Damn, I wish I knew really what to say here.

I begged to drop out of school when your age, actually a little younger. Your home setting was different then mine, but in an odd way the same. See my Dad was as strange as I was, but he did very very well in school and just could not understand why I didn't. I learn better on my own, in a different way then schools do it. Most of them anyway. But, let me tell you a little about my dad. Big name colleges, universities wanted him and he said no. He was a brick Mason almost all of his life. So one day I asked him why and would he do it any differently given a second chance. he said, yeah I would, I would have been a carpenter because they get to use math more on the job. Now that statement is a bit deceiving, he wasn't just talking about numbers. I don't do numbers, but I do the math, is the way I put it now. He then went on to say, he liked the mason trade because in this area you don't work as much in the Winter and that gave him down time to pursue what really interested him. A degree is just a piece of paper. But to get out of your hell, and believe me I do know about the school hell, not only being in it, but coming home and hearing about me being an utter failure, you may have to just get through it with teeth and finger nails dug deep into the desk.

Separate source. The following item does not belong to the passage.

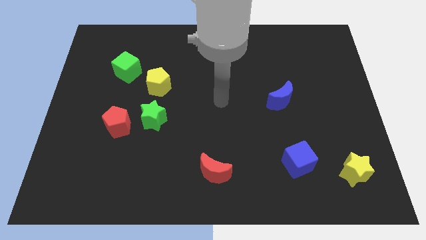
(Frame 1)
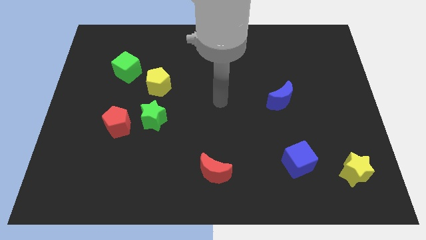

That piece of paper is really worthless, but in this world where most think it's way more important then it really is, it will open doors for you later and that later is when you can start to carve out your own place in this world. Mean while keep learning on your own, it will serve you very well. Any way your heart goes there is something to be learned and never ever stop learning. You just have to see it in what you're doing at any given time and sometimes it's the simple that is the hardest to see. That my friend is what they don't teach in schools and it becomes easier with practice. It is so in their face they just don't see it. No, a degree is just a piece of paper, it's what you learned and how you use it. The whole world is a big class room, be both the teacher and ever the student, they don't give out degree's here. You really have to earn them and they don't come on a piece of paper. But they can be a big short cut. It took me some 18 or so years to get into a trade that others could with just a piece of paper that I didn't have, except when I got there, I taught them. Throw away that piece of paper this is how it's really done, welcome to the world kids. I opened the door wide for them as best I could and some of them are doing things now that just make me proud as punch to have helped them along their way.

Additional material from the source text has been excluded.